When Tones and I speak, we're both confined to our homes because of a pandemic. For me, the writer who spends a lot of time indoors anyway, I'm getting used to it. For a chart-topping musician like Toni Watson, the artist has had to delay what she loves doing, performing shows.
"I've definitely made sure that I said to my team, I want them [the shows] to be postponed. I don't want it to be a cancellation, I have to go back and see those faces and play those shows," she says.
What's next for Tones and I? She says she doesn't feel the pressure to replicate the success of Dance Monkey. Because of the pandemic, she's decided to release a longer album than planned, and teased a collaboration with one of her favourite artists of all time.
"If my fans are going to support me, I'm going to do my best to make them happy."
LOWDOWN Who: Australian pop singer Tones and I What: New single Bad Child has just been released When: It's out now
MORE SONGS ABOUT MONKEYS
Our animal cousins have long been a source of musical inspiration. Here's some of our faves.
Everybody's Got Something to Hide Except for Me and My Monkey The Beatles John Lennon's wild rocker is, he claimed, a love song. "It was about me and Yoko," he said at the time. "Everybody seemed to be paranoid except for us two, who were in the glow of love." However, fellow Beatle Paul McCartney had a different interpretation reckoning that 'monkey' was street slang for heroin. Were Lennon and his monkey hiding something after all?
Brass Monkey Beastie Boys
Not a song about being extremely cold, instead this party track from the Beastie Boys bratty debut Licensed to Ill chronicles the feeling, effects and aftermath of drinking the cocktail known as the Brass Monkey. If you want to try it during lockdown it's fairly simple: one part vodka, one part orange juice and one part dark rum served over ice.
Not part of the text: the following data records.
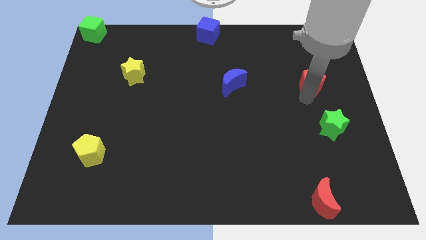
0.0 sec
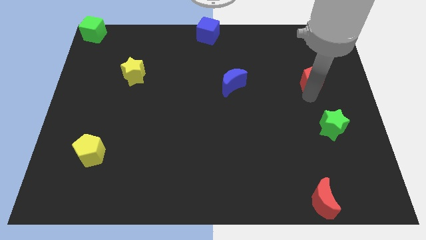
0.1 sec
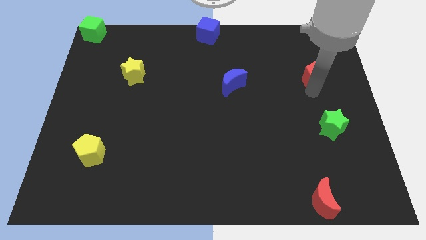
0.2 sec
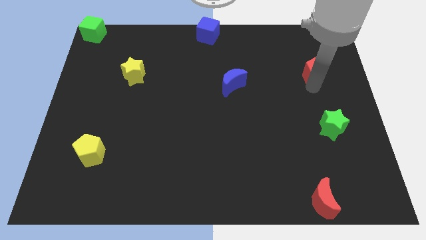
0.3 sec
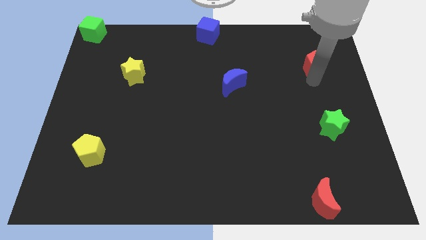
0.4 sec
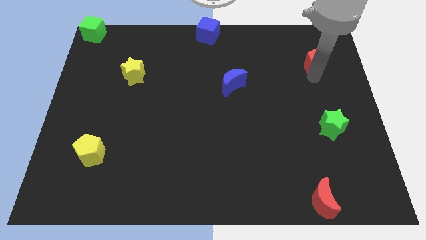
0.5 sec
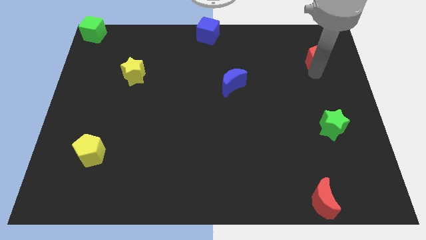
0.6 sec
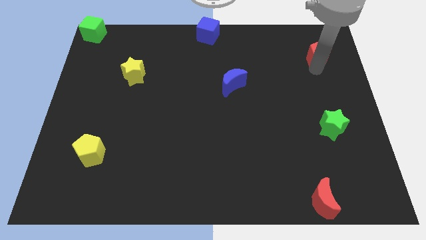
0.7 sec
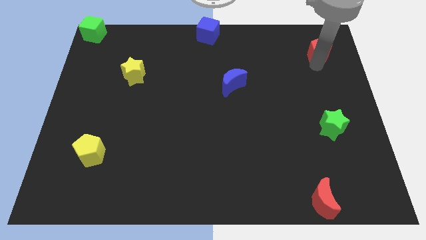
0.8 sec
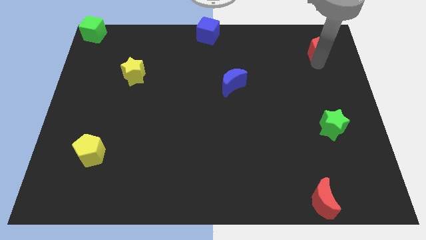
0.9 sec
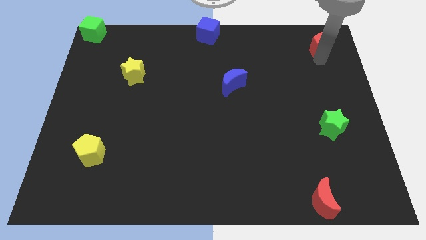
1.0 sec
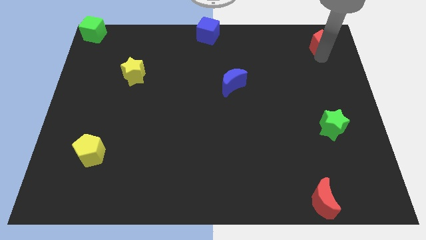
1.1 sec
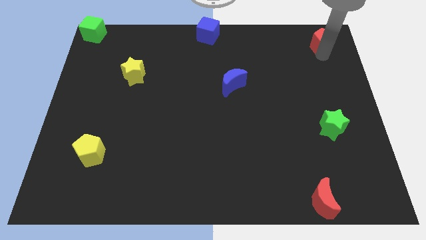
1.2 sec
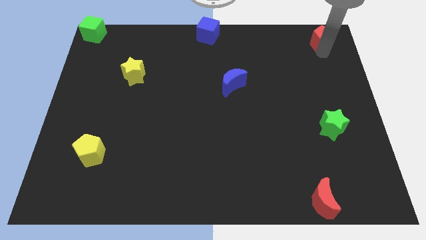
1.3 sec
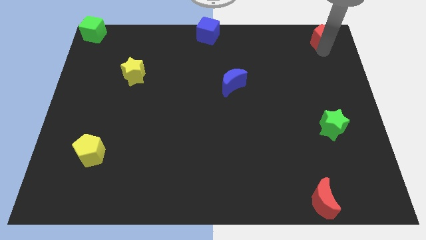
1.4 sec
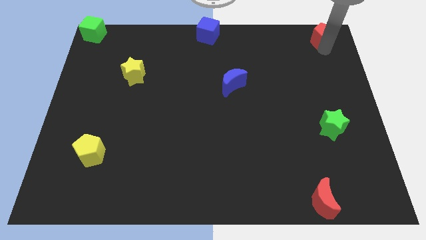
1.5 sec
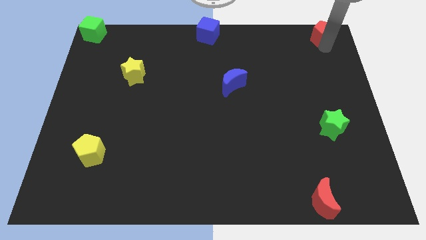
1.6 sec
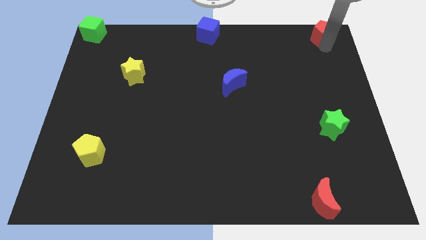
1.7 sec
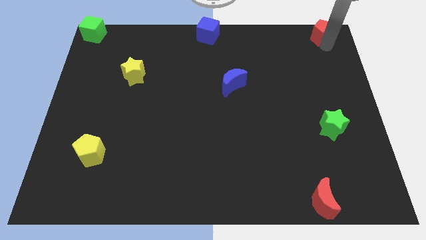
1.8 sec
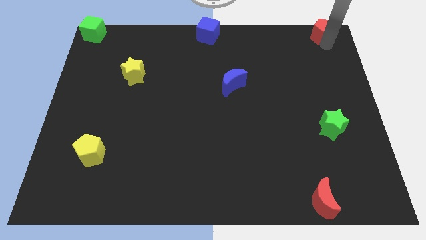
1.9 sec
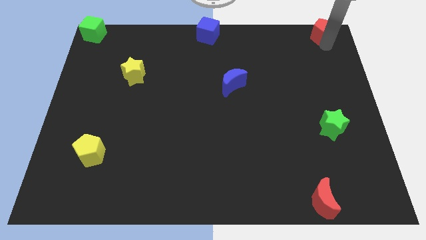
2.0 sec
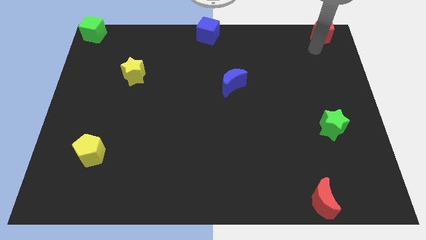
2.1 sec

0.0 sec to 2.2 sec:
move the red pentagon to the top right side of the table

Black Francis' ode to humanity's wanton destruction of the world wraps its harsh environmental warning about ocean dumping and ozone burning in a sustainable wrapper of religion, Hebrew numerolgy and Greek mythology. Which is a lot to cram into a song that doesn't even run three minutes. On top of that, it's more catchy than a chimp swinging through the trees. Such is the genius of classic era Pixies.
Monkey Wrench Foo Fighters
One of the great opening riffs of all time. Monkey Wrench comes charging at you like a pissed-off gorilla that wants you out of his personal space yesterday. Fitting as the song is all about the failing of Foo Fighters frontman Dave Grohl's four-year marriage and the feels he had over that. An amicable split? Um, no. Sounds like it wasn't . . .
Blue Monkey Suzanne Paul
But wait . . . there's more. No self-respecting listicle about Monkey songs is complete with this Kiwi . . . well, classic isn't the right word . . . um, song? Yeah, this Wiwi song by infomercial queen Suzanne Paul. Over a generic four-to-the-floor dance beat, Paul repeats some famous lines from her ads as well as a few dancefloor-filling adlibs like, "Why are ya sitting? You could be knitting," and "Ooo, what are ya like?". "Loads of fun!" she exclaims at one point, which leads me to suspect she was listening to a different song.